= Beginning of Section =

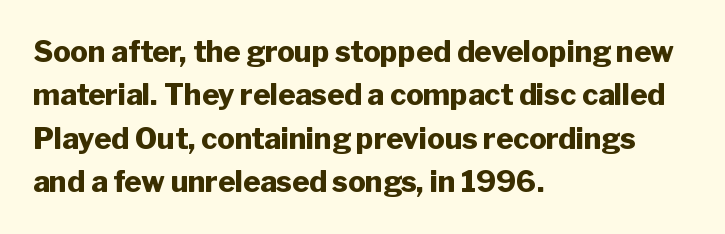
{"serif": "no", "italic": "no", "bold": "yes", "weight": "heavy", "width": "normal", "stroke_contrast": "low", "x_height": "medium", "monospaced": "no", "underline": "no", "align": "left", "line_spacing": "normal", "line_spacing_ratio": 1.5, "letter_spacing": "normal", "letter_spacing_em": 0.0, "glyph_px": 29}
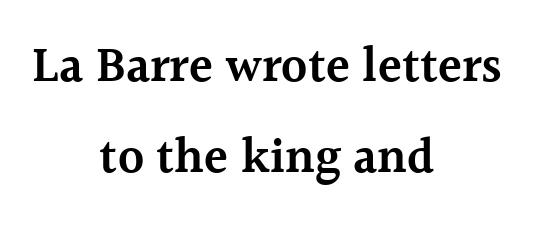
Q: Is the text bold? A: Semi-bold.
Q: Is the text italic (slanted)? A: No, it is upright.
Q: Is the typeface a serif or a sans-serif typeface? A: Serif.
Q: Is the text underlined? A: No.
Q: How is the paragraph aligned? A: Centered.
Q: Is the spacing between letters normal or unusually wide? A: Normal.
Q: Width (condensed, normal, or wide)? A: Normal.
Q: x-height? A: Medium.
Q: Monospaced? A: No.
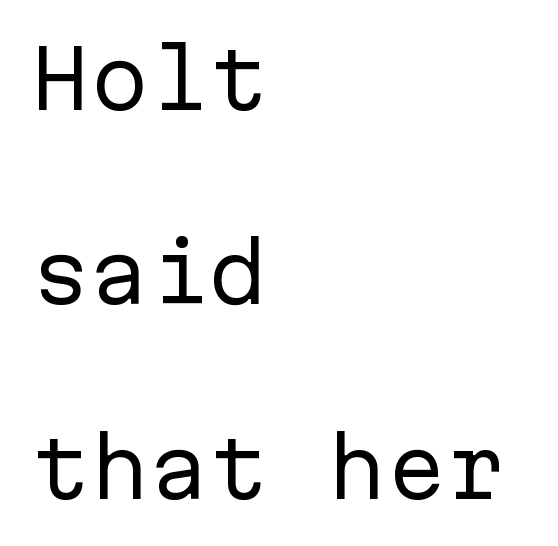
{"serif": "no", "italic": "no", "bold": "no", "weight": "regular", "width": "normal", "stroke_contrast": "low", "x_height": "medium", "monospaced": "yes", "underline": "no", "align": "left", "line_spacing": "loose", "line_spacing_ratio": 2.46, "letter_spacing": "normal", "letter_spacing_em": 0.0, "glyph_px": 79}
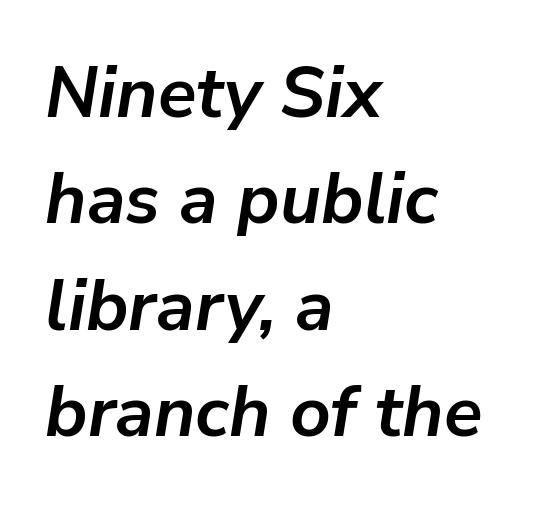
The image shows 71 px semibold type, italic (leaning right); set left-aligned, normal line spacing (1.5x), normal letter spacing, not underlined; low stroke contrast and a medium x-height.
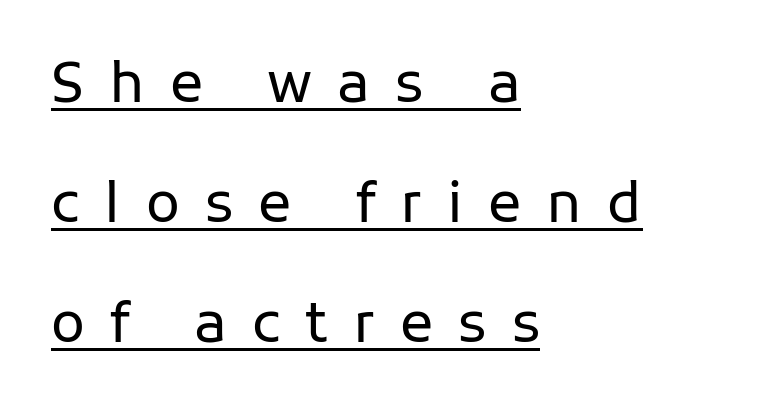
Q: Is the text bold? A: No.
Q: Is the text italic (slanted)? A: No, it is upright.
Q: Is the typeface a serif or a sans-serif typeface? A: Sans-serif.
Q: Is the text underlined? A: Yes.
Q: How is the paragraph aligned? A: Left-aligned.
Q: Is the spacing between letters normal or unusually wide? A: Unusually wide.
Q: Is the spacing between lines tight, normal or loose? A: Loose.
Q: Width (condensed, normal, or wide)? A: Normal.
Q: Stroke contrast? A: Low.
Q: x-height? A: Medium.
Q: Monospaced? A: No.
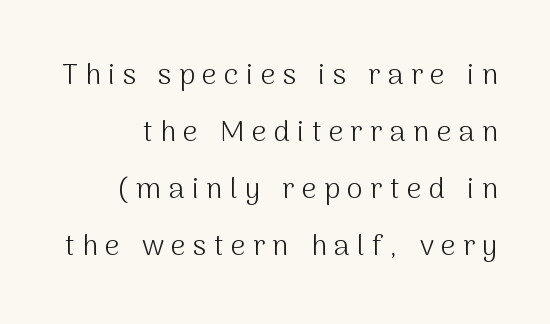
The image shows 29 px light sans-serif type, upright; set loose line spacing (1.96x), unusually wide letter spacing (+0.25 em), not underlined; medium stroke contrast and a medium x-height.
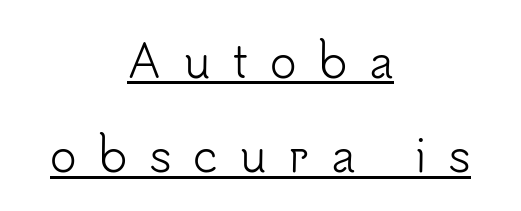
Q: Is the text bold? A: No.
Q: Is the text italic (slanted)? A: No, it is upright.
Q: Is the typeface a serif or a sans-serif typeface? A: Sans-serif.
Q: Is the text underlined? A: Yes.
Q: How is the paragraph aligned? A: Centered.
Q: Is the spacing between letters normal or unusually wide? A: Unusually wide.
Q: Is the spacing between lines tight, normal or loose? A: Loose.
Q: Width (condensed, normal, or wide)? A: Normal.
Q: Stroke contrast? A: Low.
Q: x-height? A: Small.
Q: Monospaced? A: No.
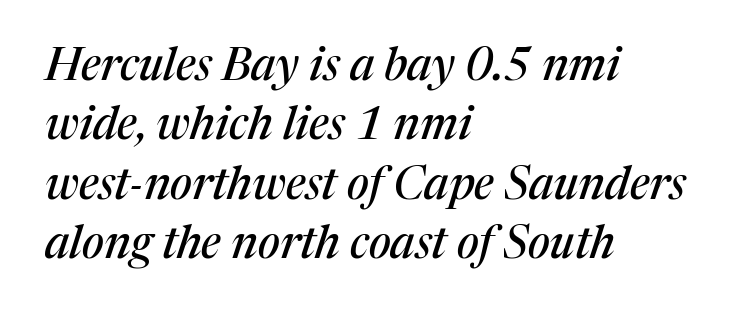
Q: Is the text italic (slanted)? A: Yes, it leans right by about 17 degrees.
Q: Is the typeface a serif or a sans-serif typeface? A: Serif.
Q: Is the text underlined? A: No.
Q: How is the paragraph aligned? A: Left-aligned.
Q: Is the spacing between letters normal or unusually wide? A: Normal.
Q: Is the spacing between lines tight, normal or loose? A: Normal.
Q: Width (condensed, normal, or wide)? A: Normal.
Q: Stroke contrast? A: Medium.
Q: x-height? A: Medium.
Q: Monospaced? A: No.
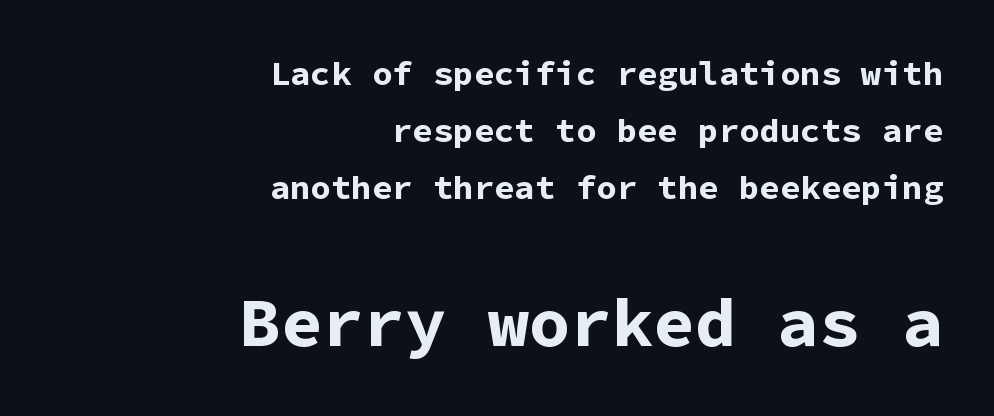
Q: Is the text bold? A: Yes.
Q: Is the text italic (slanted)? A: No, it is upright.
Q: Is the typeface a serif or a sans-serif typeface? A: Sans-serif.
Q: Is the text underlined? A: No.
Q: How is the paragraph aligned? A: Right-aligned.
Q: Is the spacing between letters normal or unusually wide? A: Normal.
Q: Is the spacing between lines tight, normal or loose? A: Normal.
Q: Which block of text is set in a larger size, the first (top) or the second (bottom)? A: The second (bottom) one.
Q: Width (condensed, normal, or wide)? A: Normal.
Q: Stroke contrast? A: Low.
Q: x-height? A: Medium.
Q: Monospaced? A: Yes.
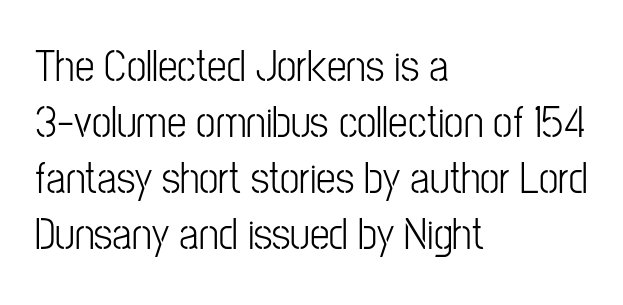
Here the glyphs are tracked normally, forming tight word shapes. The passage shown is not bold in any degree. Every stem runs plumb, perpendicular to the baseline. The space directly below the letters is spotless.
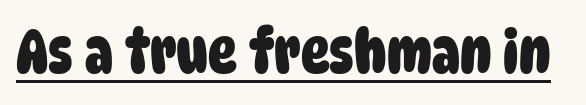
Each line of the rendering has a horizontal stroke beneath the glyphs. Each letter keeps its own natural width here, so spacing adapts to shape. Is this a sans? Yes — the strokes have no serifs. Thick stems and heavy bowls — unmistakably bold. A typesetter would call this zero additional tracking.

= End of Section =

▸ WORK INSTRUCTIONS: Exactly as they stand, set down the lines from the start of the material through the line with "Q: Is the text bold? A: Semi-bold.", both ends included, omitting the pictures.

▸ THE ANSWER:
{"serif": "no", "italic": "no", "bold": "yes", "weight": "heavy", "width": "normal", "stroke_contrast": "low", "x_height": "medium", "monospaced": "no", "underline": "no", "align": "left", "line_spacing": "normal", "line_spacing_ratio": 1.5, "letter_spacing": "normal", "letter_spacing_em": 0.0, "glyph_px": 29}
Q: Is the text bold? A: Semi-bold.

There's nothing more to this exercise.